• Task directions:
Find the line with "<path class='bond-20' d='M" in the entries below, then reproduce it and every line after it down to and including the line with "<path class='bond-27' d='M 784.193,537.869", exactly.

• Data provided:

^^^^^^^^^^^^^^^^

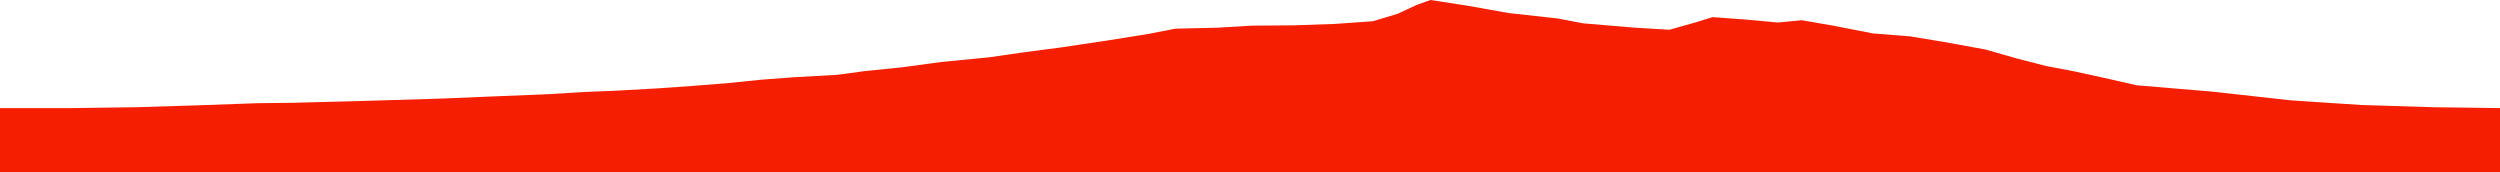<?xml version="1.0" encoding="iso-8859-1"?>
<!DOCTYPE svg PUBLIC "-//W3C//DTD SVG 1.0//EN"
"http://www.w3.org/TR/2001/
REC-SVG-20010904/DTD/svg10.dtd">

<svg viewBox="0 0 16553.067 1139.38" preserveAspectRatio="none" xmlns="http://www.w3.org/2000/svg" xmlns:xlink="http://www.w3.org/1999/xlink">
  <polygon points="0,1139.38 0,716.1  450.56,716.1 906.121,709.809 1309.231,697.318 1706.598,683.258 1937.116,680.616 2354.548,669.83 2615.097,662.078 2939.031,652.128 3233.901,639.69 3621.077,624.113 3864.586,609.25 4088.577,600.015 4357.135,584.966 4581.159,569.084 4816.93,550.609 5040.695,527.67 5249.991,511.952 5545.798,495.163 5725.74,470.652 5973.13,445.591 6232.956,410.309 6547.787,379.618 6781.473,346.03 7026.672,313.766 7326.673,269.076 7602.558,224.888 7781.913,189.921 8061.287,183.362 8287.909,169.94 8565.461,167.763 8839.129,158.316 9091.048,140.578 9253.056,91.588 9379.507,32.869 9471.675,0 9720.021,38.445 9985.949,86.063 10314.405,122.408 10480.917,154.302 10825.538,183.417 11053.193,196.942 11237.274,145.203 11339.305,113.253 11563.339,129.895 11771.813,149.001 11930.529,133.925 12140.821,170.522 12401.095,221.306 12646.531,240.817 12863.886,276.398 13144.867,327.581 13361.882,389.468 13549.691,437.544 13729.534,471.587 13930.876,515.469 14146.776,564.544 14647.392,606.667 15167.855,664.392 15633.533,695.181 16114.8,710.052 16553.067,715.567  16553.067,1139.38" style="fill:#f61e00;stroke-width:1" />
</svg>
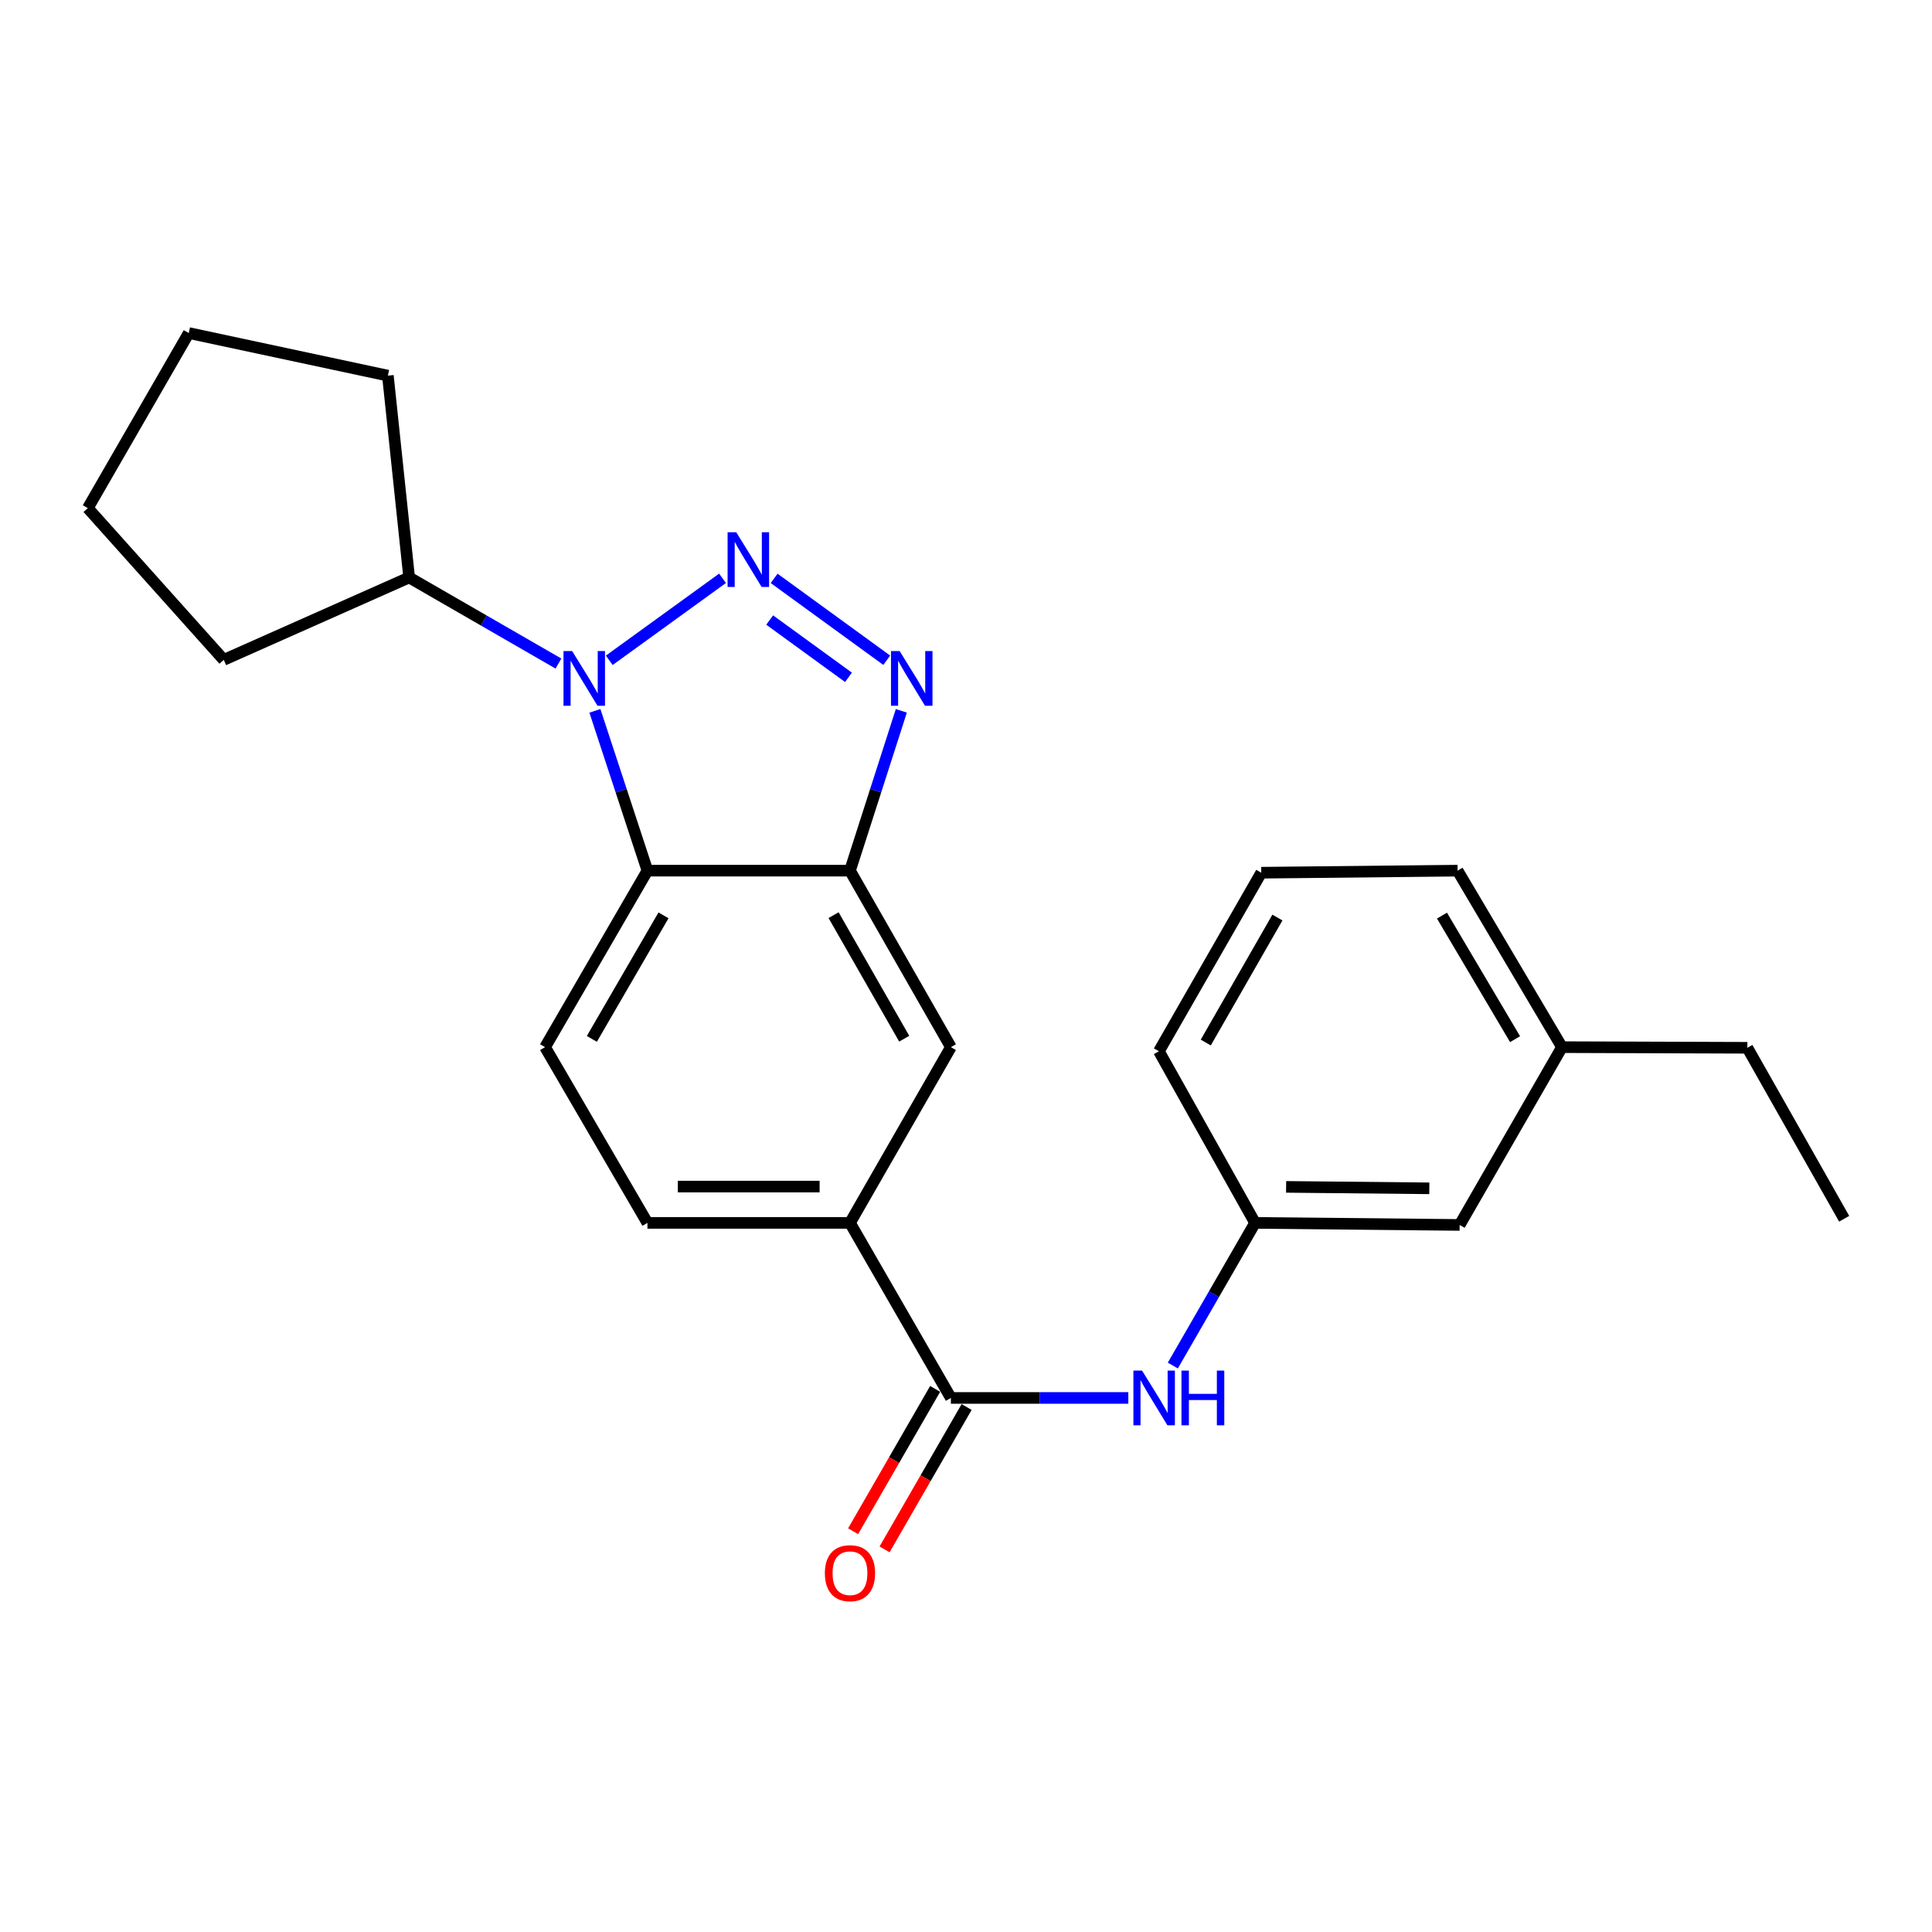 <?xml version='1.0' encoding='iso-8859-1'?>
<svg version='1.1' baseProfile='full'
              xmlns='http://www.w3.org/2000/svg'
                      xmlns:rdkit='http://www.rdkit.org/xml'
                      xmlns:xlink='http://www.w3.org/1999/xlink'
                  xml:space='preserve'
width='1000px' height='1000px' viewBox='0 0 1000 1000'>
<!-- END OF HEADER -->
<rect style='opacity:1.0;fill:#FFFFFF;stroke:none' width='1000' height='1000' x='0' y='0'> </rect>
<path class='bond-0' d='M 373.981,299.331 L 315.352,341.776' style='fill:none;fill-rule:evenodd;stroke:#0000FF;stroke-width:6px;stroke-linecap:butt;stroke-linejoin:miter;stroke-opacity:1' />
<path class='bond-1' d='M 400.697,299.367 L 458.975,341.741' style='fill:none;fill-rule:evenodd;stroke:#0000FF;stroke-width:6px;stroke-linecap:butt;stroke-linejoin:miter;stroke-opacity:1' />
<path class='bond-1' d='M 398.383,320.928 L 439.178,350.59' style='fill:none;fill-rule:evenodd;stroke:#0000FF;stroke-width:6px;stroke-linecap:butt;stroke-linejoin:miter;stroke-opacity:1' />
<path class='bond-2' d='M 307.919,367.929 L 321.516,409.289' style='fill:none;fill-rule:evenodd;stroke:#0000FF;stroke-width:6px;stroke-linecap:butt;stroke-linejoin:miter;stroke-opacity:1' />
<path class='bond-2' d='M 321.516,409.289 L 335.113,450.649' style='fill:none;fill-rule:evenodd;stroke:#000000;stroke-width:6px;stroke-linecap:butt;stroke-linejoin:miter;stroke-opacity:1' />
<path class='bond-9' d='M 289.048,343.451 L 250.41,321.176' style='fill:none;fill-rule:evenodd;stroke:#0000FF;stroke-width:6px;stroke-linecap:butt;stroke-linejoin:miter;stroke-opacity:1' />
<path class='bond-9' d='M 250.41,321.176 L 211.772,298.9' style='fill:none;fill-rule:evenodd;stroke:#000000;stroke-width:6px;stroke-linecap:butt;stroke-linejoin:miter;stroke-opacity:1' />
<path class='bond-3' d='M 466.528,367.923 L 453.238,409.286' style='fill:none;fill-rule:evenodd;stroke:#0000FF;stroke-width:6px;stroke-linecap:butt;stroke-linejoin:miter;stroke-opacity:1' />
<path class='bond-3' d='M 453.238,409.286 L 439.948,450.649' style='fill:none;fill-rule:evenodd;stroke:#000000;stroke-width:6px;stroke-linecap:butt;stroke-linejoin:miter;stroke-opacity:1' />
<path class='bond-8' d='M 335.113,450.649 L 282.132,542.001' style='fill:none;fill-rule:evenodd;stroke:#000000;stroke-width:6px;stroke-linecap:butt;stroke-linejoin:miter;stroke-opacity:1' />
<path class='bond-8' d='M 343.428,473.783 L 306.341,537.729' style='fill:none;fill-rule:evenodd;stroke:#000000;stroke-width:6px;stroke-linecap:butt;stroke-linejoin:miter;stroke-opacity:1' />
<path class='bond-24' d='M 335.113,450.649 L 439.948,450.649' style='fill:none;fill-rule:evenodd;stroke:#000000;stroke-width:6px;stroke-linecap:butt;stroke-linejoin:miter;stroke-opacity:1' />
<path class='bond-7' d='M 439.948,450.649 L 492.178,542.001' style='fill:none;fill-rule:evenodd;stroke:#000000;stroke-width:6px;stroke-linecap:butt;stroke-linejoin:miter;stroke-opacity:1' />
<path class='bond-7' d='M 431.463,473.682 L 468.023,537.629' style='fill:none;fill-rule:evenodd;stroke:#000000;stroke-width:6px;stroke-linecap:butt;stroke-linejoin:miter;stroke-opacity:1' />
<path class='bond-4' d='M 492.178,723.577 L 439.948,632.966' style='fill:none;fill-rule:evenodd;stroke:#000000;stroke-width:6px;stroke-linecap:butt;stroke-linejoin:miter;stroke-opacity:1' />
<path class='bond-6' d='M 492.178,723.577 L 538.098,723.577' style='fill:none;fill-rule:evenodd;stroke:#000000;stroke-width:6px;stroke-linecap:butt;stroke-linejoin:miter;stroke-opacity:1' />
<path class='bond-6' d='M 538.098,723.577 L 584.018,723.577' style='fill:none;fill-rule:evenodd;stroke:#0000FF;stroke-width:6px;stroke-linecap:butt;stroke-linejoin:miter;stroke-opacity:1' />
<path class='bond-10' d='M 484.034,718.883 L 462.799,755.726' style='fill:none;fill-rule:evenodd;stroke:#000000;stroke-width:6px;stroke-linecap:butt;stroke-linejoin:miter;stroke-opacity:1' />
<path class='bond-10' d='M 462.799,755.726 L 441.565,792.569' style='fill:none;fill-rule:evenodd;stroke:#FF0000;stroke-width:6px;stroke-linecap:butt;stroke-linejoin:miter;stroke-opacity:1' />
<path class='bond-10' d='M 500.321,728.27 L 479.087,765.113' style='fill:none;fill-rule:evenodd;stroke:#000000;stroke-width:6px;stroke-linecap:butt;stroke-linejoin:miter;stroke-opacity:1' />
<path class='bond-10' d='M 479.087,765.113 L 457.852,801.956' style='fill:none;fill-rule:evenodd;stroke:#FF0000;stroke-width:6px;stroke-linecap:butt;stroke-linejoin:miter;stroke-opacity:1' />
<path class='bond-5' d='M 439.948,632.966 L 492.178,542.001' style='fill:none;fill-rule:evenodd;stroke:#000000;stroke-width:6px;stroke-linecap:butt;stroke-linejoin:miter;stroke-opacity:1' />
<path class='bond-26' d='M 439.948,632.966 L 335.113,632.966' style='fill:none;fill-rule:evenodd;stroke:#000000;stroke-width:6px;stroke-linecap:butt;stroke-linejoin:miter;stroke-opacity:1' />
<path class='bond-26' d='M 424.223,614.167 L 350.839,614.167' style='fill:none;fill-rule:evenodd;stroke:#000000;stroke-width:6px;stroke-linecap:butt;stroke-linejoin:miter;stroke-opacity:1' />
<path class='bond-12' d='M 607.058,706.802 L 628.338,669.884' style='fill:none;fill-rule:evenodd;stroke:#0000FF;stroke-width:6px;stroke-linecap:butt;stroke-linejoin:miter;stroke-opacity:1' />
<path class='bond-12' d='M 628.338,669.884 L 649.618,632.966' style='fill:none;fill-rule:evenodd;stroke:#000000;stroke-width:6px;stroke-linecap:butt;stroke-linejoin:miter;stroke-opacity:1' />
<path class='bond-11' d='M 282.132,542.001 L 335.113,632.966' style='fill:none;fill-rule:evenodd;stroke:#000000;stroke-width:6px;stroke-linecap:butt;stroke-linejoin:miter;stroke-opacity:1' />
<path class='bond-17' d='M 211.772,298.9 L 115.814,341.543' style='fill:none;fill-rule:evenodd;stroke:#000000;stroke-width:6px;stroke-linecap:butt;stroke-linejoin:miter;stroke-opacity:1' />
<path class='bond-18' d='M 211.772,298.9 L 200.764,194.431' style='fill:none;fill-rule:evenodd;stroke:#000000;stroke-width:6px;stroke-linecap:butt;stroke-linejoin:miter;stroke-opacity:1' />
<path class='bond-13' d='M 649.618,632.966 L 755.508,634.032' style='fill:none;fill-rule:evenodd;stroke:#000000;stroke-width:6px;stroke-linecap:butt;stroke-linejoin:miter;stroke-opacity:1' />
<path class='bond-13' d='M 665.69,614.328 L 739.813,615.074' style='fill:none;fill-rule:evenodd;stroke:#000000;stroke-width:6px;stroke-linecap:butt;stroke-linejoin:miter;stroke-opacity:1' />
<path class='bond-16' d='M 649.618,632.966 L 599.853,544.131' style='fill:none;fill-rule:evenodd;stroke:#000000;stroke-width:6px;stroke-linecap:butt;stroke-linejoin:miter;stroke-opacity:1' />
<path class='bond-14' d='M 755.508,634.032 L 808.478,542.001' style='fill:none;fill-rule:evenodd;stroke:#000000;stroke-width:6px;stroke-linecap:butt;stroke-linejoin:miter;stroke-opacity:1' />
<path class='bond-20' d='M 808.478,542.001 L 904.426,542.335' style='fill:none;fill-rule:evenodd;stroke:#000000;stroke-width:6px;stroke-linecap:butt;stroke-linejoin:miter;stroke-opacity:1' />
<path class='bond-27' d='M 808.478,542.001 L 754.442,450.649' style='fill:none;fill-rule:evenodd;stroke:#000000;stroke-width:6px;stroke-linecap:butt;stroke-linejoin:miter;stroke-opacity:1' />
<path class='bond-27' d='M 784.193,537.869 L 746.368,473.922' style='fill:none;fill-rule:evenodd;stroke:#000000;stroke-width:6px;stroke-linecap:butt;stroke-linejoin:miter;stroke-opacity:1' />
<path class='bond-15' d='M 652.824,451.714 L 599.853,544.131' style='fill:none;fill-rule:evenodd;stroke:#000000;stroke-width:6px;stroke-linecap:butt;stroke-linejoin:miter;stroke-opacity:1' />
<path class='bond-15' d='M 661.188,474.925 L 624.109,539.617' style='fill:none;fill-rule:evenodd;stroke:#000000;stroke-width:6px;stroke-linecap:butt;stroke-linejoin:miter;stroke-opacity:1' />
<path class='bond-19' d='M 652.824,451.714 L 754.442,450.649' style='fill:none;fill-rule:evenodd;stroke:#000000;stroke-width:6px;stroke-linecap:butt;stroke-linejoin:miter;stroke-opacity:1' />
<path class='bond-23' d='M 115.814,341.543 L 45.455,263.005' style='fill:none;fill-rule:evenodd;stroke:#000000;stroke-width:6px;stroke-linecap:butt;stroke-linejoin:miter;stroke-opacity:1' />
<path class='bond-22' d='M 200.764,194.431 L 97.705,172.384' style='fill:none;fill-rule:evenodd;stroke:#000000;stroke-width:6px;stroke-linecap:butt;stroke-linejoin:miter;stroke-opacity:1' />
<path class='bond-21' d='M 904.426,542.335 L 954.545,630.836' style='fill:none;fill-rule:evenodd;stroke:#000000;stroke-width:6px;stroke-linecap:butt;stroke-linejoin:miter;stroke-opacity:1' />
<path class='bond-25' d='M 97.705,172.384 L 45.455,263.005' style='fill:none;fill-rule:evenodd;stroke:#000000;stroke-width:6px;stroke-linecap:butt;stroke-linejoin:miter;stroke-opacity:1' />
<path  class='atom-0' d='M 381.083 275.498
L 390.363 290.498
Q 391.283 291.978, 392.763 294.658
Q 394.243 297.338, 394.323 297.498
L 394.323 275.498
L 398.083 275.498
L 398.083 303.818
L 394.203 303.818
L 384.243 287.418
Q 383.083 285.498, 381.843 283.298
Q 380.643 281.098, 380.283 280.418
L 380.283 303.818
L 376.603 303.818
L 376.603 275.498
L 381.083 275.498
' fill='#0000FF'/>
<path  class='atom-1' d='M 296.143 336.991
L 305.423 351.991
Q 306.343 353.471, 307.823 356.151
Q 309.303 358.831, 309.383 358.991
L 309.383 336.991
L 313.143 336.991
L 313.143 365.311
L 309.263 365.311
L 299.303 348.911
Q 298.143 346.991, 296.903 344.791
Q 295.703 342.591, 295.343 341.911
L 295.343 365.311
L 291.663 365.311
L 291.663 336.991
L 296.143 336.991
' fill='#0000FF'/>
<path  class='atom-2' d='M 465.657 336.991
L 474.937 351.991
Q 475.857 353.471, 477.337 356.151
Q 478.817 358.831, 478.897 358.991
L 478.897 336.991
L 482.657 336.991
L 482.657 365.311
L 478.777 365.311
L 468.817 348.911
Q 467.657 346.991, 466.417 344.791
Q 465.217 342.591, 464.857 341.911
L 464.857 365.311
L 461.177 365.311
L 461.177 336.991
L 465.657 336.991
' fill='#0000FF'/>
<path  class='atom-7' d='M 591.128 709.417
L 600.408 724.417
Q 601.328 725.897, 602.808 728.577
Q 604.288 731.257, 604.368 731.417
L 604.368 709.417
L 608.128 709.417
L 608.128 737.737
L 604.248 737.737
L 594.288 721.337
Q 593.128 719.417, 591.888 717.217
Q 590.688 715.017, 590.328 714.337
L 590.328 737.737
L 586.648 737.737
L 586.648 709.417
L 591.128 709.417
' fill='#0000FF'/>
<path  class='atom-7' d='M 611.528 709.417
L 615.368 709.417
L 615.368 721.457
L 629.848 721.457
L 629.848 709.417
L 633.688 709.417
L 633.688 737.737
L 629.848 737.737
L 629.848 724.657
L 615.368 724.657
L 615.368 737.737
L 611.528 737.737
L 611.528 709.417
' fill='#0000FF'/>
<path  class='atom-11' d='M 426.948 814.278
Q 426.948 807.478, 430.308 803.678
Q 433.668 799.878, 439.948 799.878
Q 446.228 799.878, 449.588 803.678
Q 452.948 807.478, 452.948 814.278
Q 452.948 821.158, 449.548 825.078
Q 446.148 828.958, 439.948 828.958
Q 433.708 828.958, 430.308 825.078
Q 426.948 821.198, 426.948 814.278
M 439.948 825.758
Q 444.268 825.758, 446.588 822.878
Q 448.948 819.958, 448.948 814.278
Q 448.948 808.718, 446.588 805.918
Q 444.268 803.078, 439.948 803.078
Q 435.628 803.078, 433.268 805.878
Q 430.948 808.678, 430.948 814.278
Q 430.948 819.998, 433.268 822.878
Q 435.628 825.758, 439.948 825.758
' fill='#FF0000'/>
</svg>

^^^^^^^^^^^^^^^^

• Solution to this task:
<path class='bond-20' d='M 808.478,542.001 L 904.426,542.335' style='fill:none;fill-rule:evenodd;stroke:#000000;stroke-width:6px;stroke-linecap:butt;stroke-linejoin:miter;stroke-opacity:1' />
<path class='bond-27' d='M 808.478,542.001 L 754.442,450.649' style='fill:none;fill-rule:evenodd;stroke:#000000;stroke-width:6px;stroke-linecap:butt;stroke-linejoin:miter;stroke-opacity:1' />
<path class='bond-27' d='M 784.193,537.869 L 746.368,473.922' style='fill:none;fill-rule:evenodd;stroke:#000000;stroke-width:6px;stroke-linecap:butt;stroke-linejoin:miter;stroke-opacity:1' />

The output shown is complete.